[Gambas-devel] for future gambas development
Rob Kudla
sourceforge-raindog2 at ...19...
Mon Aug 21 18:16:41 CEST 2006
On Mon August 21 2006 11:01, Benoit Minisini wrote:
> Javascript/HTML generated interface should send events to the
> Gambas application by using XmlHttpRequest, that's ok.
> Now maybe the Gambas application could answer by sending an
> updated DOM model of the page. This way, reloading the entire
> page is avoided.
Yes, there isn't much point of using XmlHttpRequest unless you're
only going to update part of the page. Otherwise you could use
straight CGI and wouldn't need Javascript at all except to
submit a form on the page upon input. And it would be soooo
ugly and slow.
The way XmlHttpRequest works is, you pass it an URL and a
callback function. In our case, the URL is the Gambas
application and the callback function would be something that
takes the output from the Gambas application (doesn't have to be
XML, I use pipe-separated values in my particular app because
just using "split" is a lot faster than JS XML handling) and
takes the needed actions.

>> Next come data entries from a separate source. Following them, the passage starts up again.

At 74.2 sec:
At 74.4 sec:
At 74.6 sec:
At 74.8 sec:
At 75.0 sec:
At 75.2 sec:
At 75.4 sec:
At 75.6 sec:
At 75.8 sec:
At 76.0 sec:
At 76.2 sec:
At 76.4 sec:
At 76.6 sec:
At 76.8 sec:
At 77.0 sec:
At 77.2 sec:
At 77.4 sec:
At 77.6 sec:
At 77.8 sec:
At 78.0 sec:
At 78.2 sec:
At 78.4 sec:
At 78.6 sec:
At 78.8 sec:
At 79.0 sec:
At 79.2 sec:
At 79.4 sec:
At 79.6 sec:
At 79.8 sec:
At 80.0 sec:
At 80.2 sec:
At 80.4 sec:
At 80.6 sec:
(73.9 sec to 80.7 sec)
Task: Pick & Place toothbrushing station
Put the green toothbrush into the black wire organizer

So essentially we would need to
handle all the gb.form objects' display-related properties in
that callback function.
> After all, the gambas application generated the current page,
> so maybe it could keep its state, and then could send the
> difference between the old one and the new one to the browser?

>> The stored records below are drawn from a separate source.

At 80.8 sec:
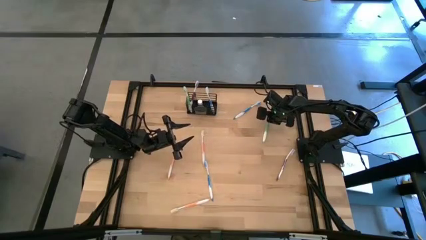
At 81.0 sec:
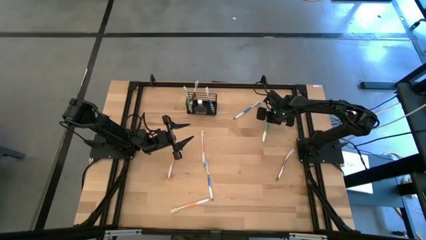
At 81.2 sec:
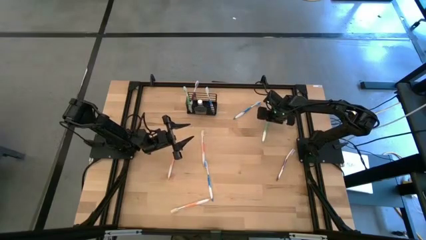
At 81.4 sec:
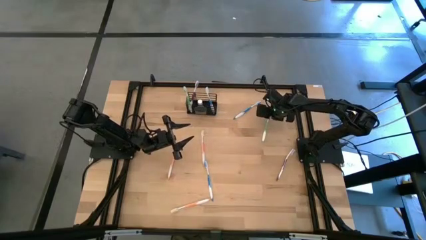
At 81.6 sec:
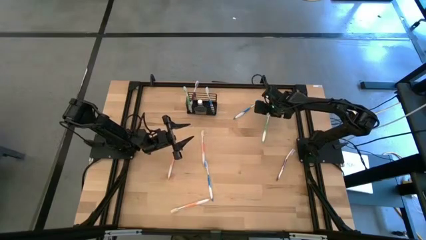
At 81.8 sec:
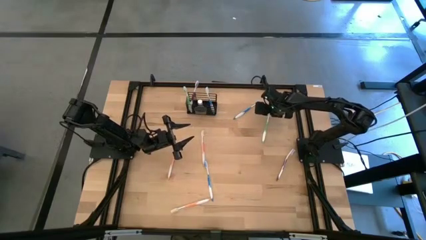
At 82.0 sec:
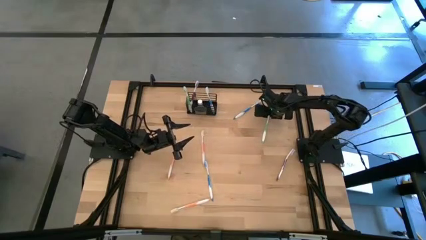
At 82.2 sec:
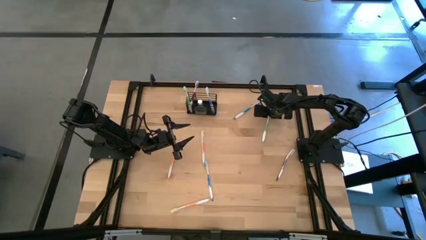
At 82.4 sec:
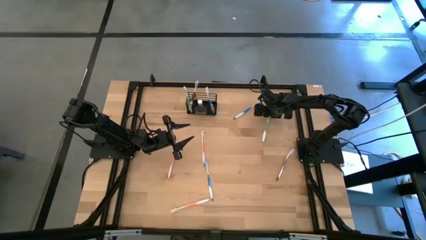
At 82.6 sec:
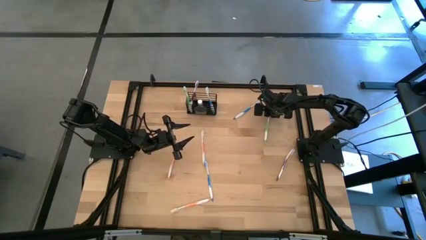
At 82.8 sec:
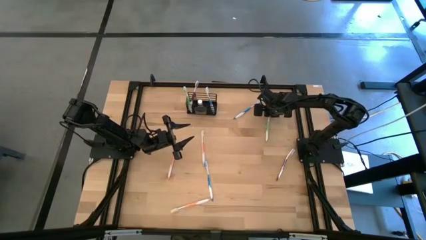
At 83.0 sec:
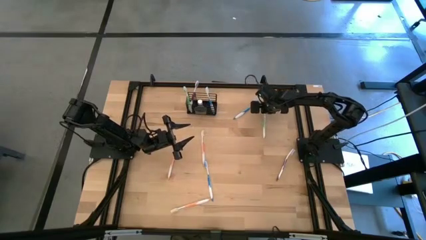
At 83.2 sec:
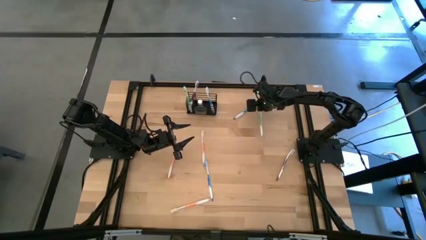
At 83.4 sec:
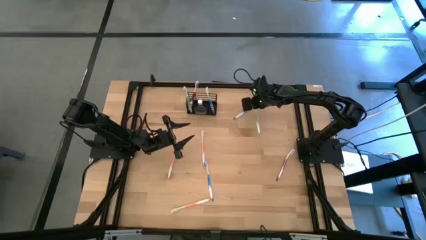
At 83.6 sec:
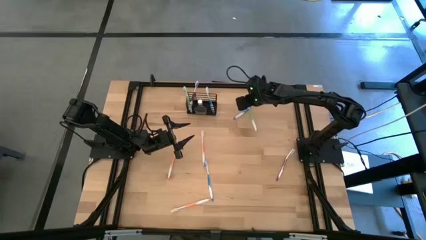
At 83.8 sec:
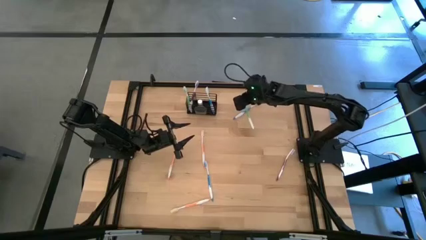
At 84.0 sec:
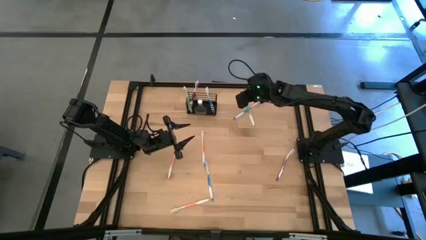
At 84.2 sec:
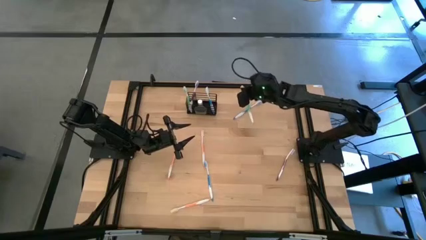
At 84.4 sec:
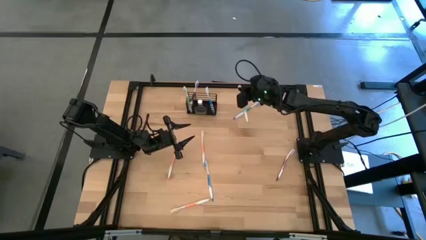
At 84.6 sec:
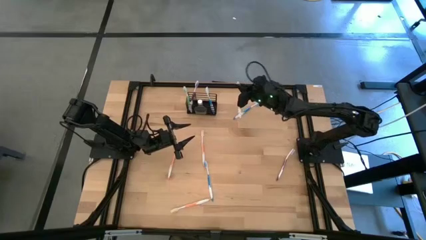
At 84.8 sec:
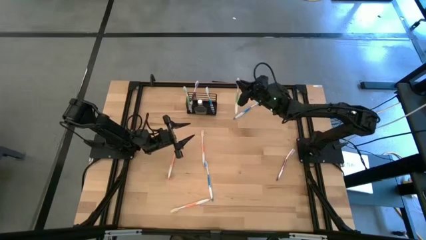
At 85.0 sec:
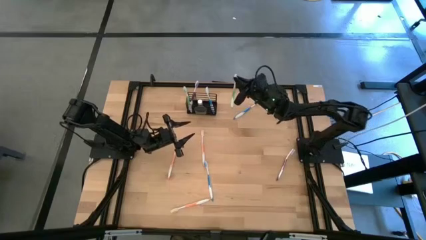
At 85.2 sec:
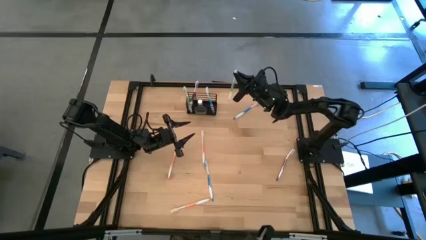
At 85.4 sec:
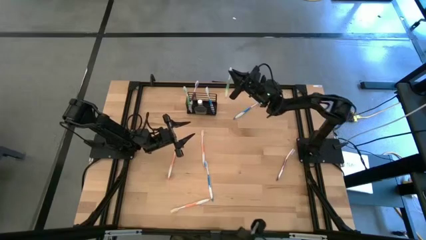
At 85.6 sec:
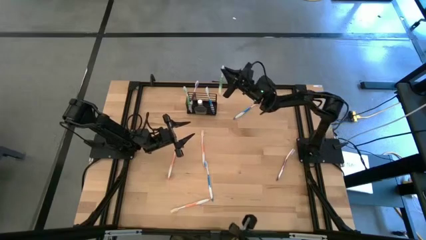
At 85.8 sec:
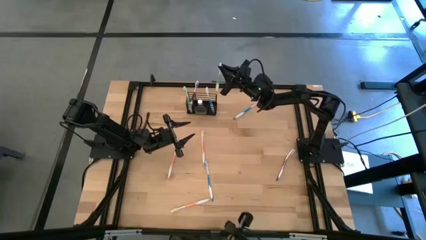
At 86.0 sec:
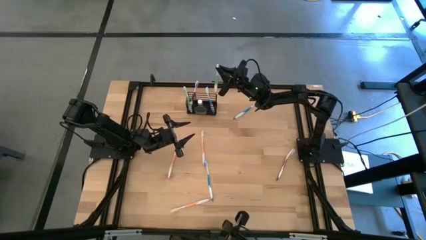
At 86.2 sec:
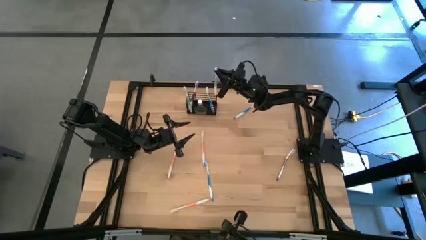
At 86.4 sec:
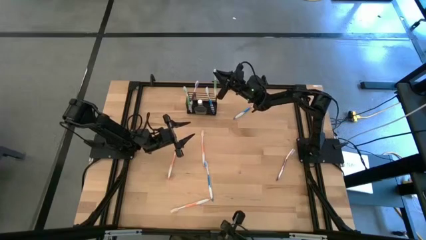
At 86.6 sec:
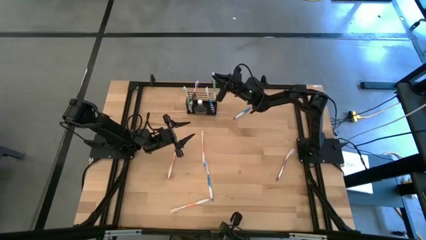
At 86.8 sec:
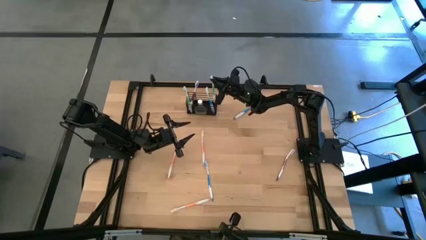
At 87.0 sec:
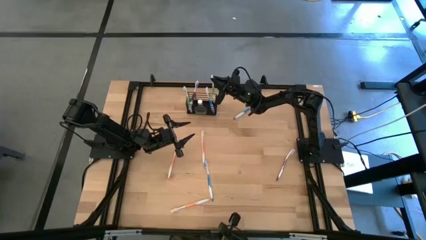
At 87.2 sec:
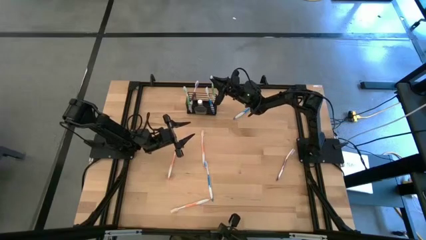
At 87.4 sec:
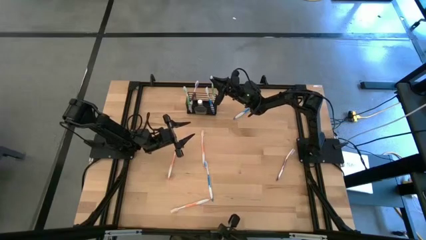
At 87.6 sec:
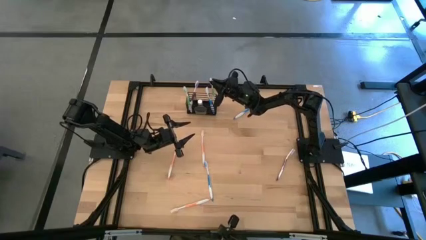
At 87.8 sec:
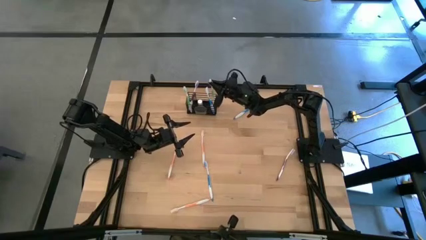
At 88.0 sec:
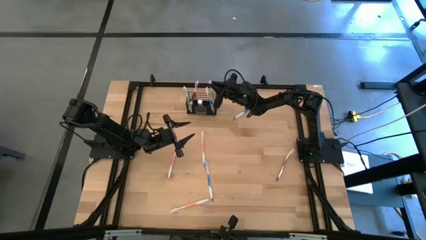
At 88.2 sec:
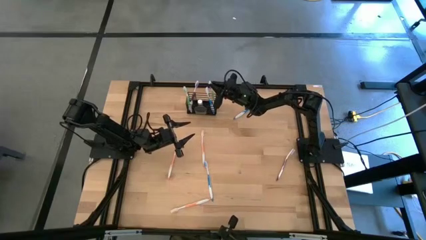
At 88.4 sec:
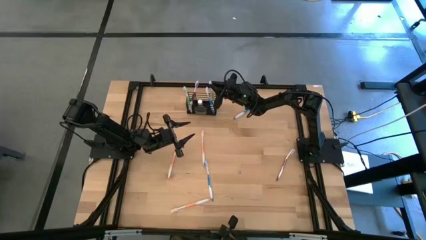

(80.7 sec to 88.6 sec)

That's not a bad approach, but the Javascript on the client side
might be more complex and therefore slow.
> I don't know how this could be implemented in JavaScript:
> updating the DOM model of the current page from a file
> describing the differences.
It absolutely could, I'm just concerned about performance.
The fastest way to do it (performance wise) would be to send back
down a small Javascript function that does all the necessary
work, and then have the callback function eval() that code.
Then there's no client-side parsing of any kind, and the
gb.ajax.form (or whatever) component could just generate the
necessary Javascript in each method and property set/get. You
could even move the browser detection code into the Gambas app
using this approach, maybe adding a property "Browser" to the
Form object. Not to support every possible browser, just
correct showstopper incompatibilities. But somehow, I have the
feeling there's a downside to that approach that I'm missing.